We’re in the midst of an AI gold rush. Business sectors around the world are looking for an AI-fueled evolution that yields greater efficiencies and insights. The insurance industry and the risk management discipline are no exceptions.   

According to The State of AI in Insurance, a report from the market research and analyst firm Forrester, 63% of data and analytics decision-makers at insurance companies report their organization is adopting AI, with another 24% planning to follow suit. It’s not unlike the RMIS wave of the mid-1980s, when insurance and risk professionals jumped on a technology bandwagon that promised to take data and risk information to a new level of performance and functionality.   
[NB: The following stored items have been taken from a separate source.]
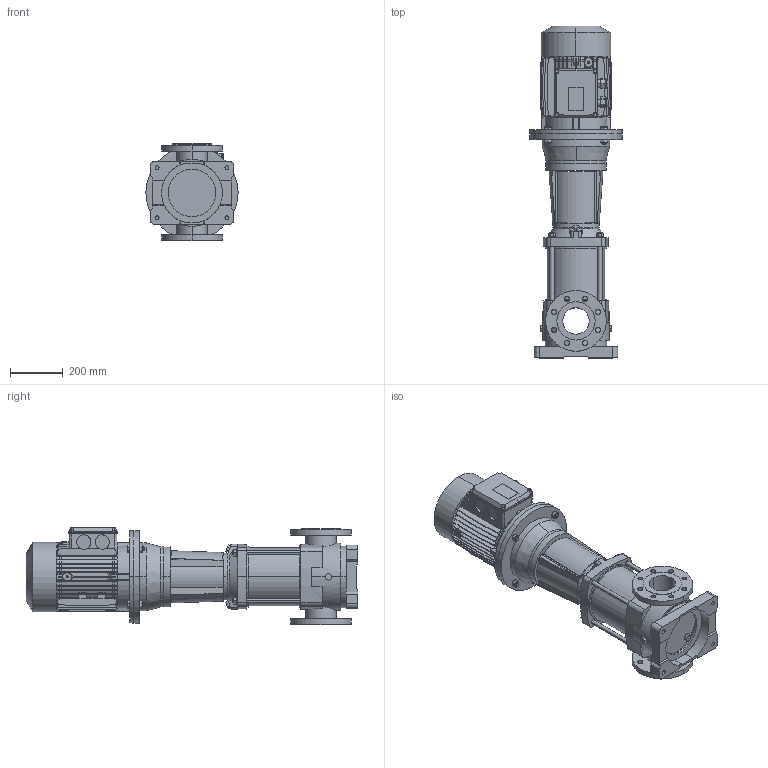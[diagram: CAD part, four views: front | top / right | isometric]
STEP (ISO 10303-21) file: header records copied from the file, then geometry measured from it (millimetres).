
FILE_DESCRIPTION (( 'STEP AP203' ), '1' );
FILE_NAME ('4.93.632.03swa02.step', '2023-04-13T14:22:41', ( '' ), ( '' ), 'SwSTEP 2.0', 'SolidWorks 2020', '' );
FILE_SCHEMA (( 'CONFIG_CONTROL_DESIGN' ));
Length unit declared in the file: millimetre
Products named in the file (7): 10007568swp00_M132 B5-De350; Copia di Coperchio MXV 100^4.93.632.03swa02_Default<A macchina>; 10007576swa02_M132S ANONIMO; 10007670swn00_M32x1.5; Copia di 4_93_632_03_REV00^4.93.632.03swa02; 10007572swp02_132S-R3 ANONIMO; 4.93.632.03swa02
Assembly tree (7 placements, depth 3):
  4.93.632.03swa02
    Copia di 4_93_632_03_REV00^4.93.632.03swa02
    Copia di Coperchio MXV 100^4.93.632.03swa02_Default<A macchina>
    10007576swa02_M132S ANONIMO
      10007568swp00_M132 B5-De350
      10007572swp02_132S-R3 ANONIMO
      10007670swn00_M32x1.5  x2
Bounding box: 350 x 1258.2 x 371.5 mm (x, y, z)
Volume: 34393121.8 mm3; surface area: 3213424.2 mm2
Topology: 36 solids, 36 shells, 1765 faces, 4564 edges, 2966 vertices
Faces by surface type: plane 1034, cylinder 422, cone 248, bspline 57, torus 4
Entity records: 57844 total; most frequent: CARTESIAN_POINT 16436, ORIENTED_EDGE 8762, DIRECTION 7903, EDGE_CURVE 4381, VERTEX_POINT 2868, AXIS2_PLACEMENT_3D 2656, LINE 2591, VECTOR 2591

But even with all the hype surrounding AI, the rose-colored glasses are already starting to come off. With capabilities for both automating processes and generating consumer and operational insight, AI technology is far-reaching, elusive, and often misunderstood. There’s disagreement about how to define it and confusion as to what benefits users should expect from it. The Forbes article What Successful Early Adopters of Generative AI Have Learned points to the fact that 78% of surveyed global executives report lacking the skills or knowledge to successfully utilize AI in their businesses. 

With the right approach, AI tools like natural language processing can move mountains in the insurance industry and make significant contributions to your organization’s risk management program. During a recent panel discussion hosted by Origami Risk, 11 industry analyst experts from the risk and insurance sector weighed in on how organizations are implementing AI, its risks, and what it takes to do it right. Here’s what they had to say.  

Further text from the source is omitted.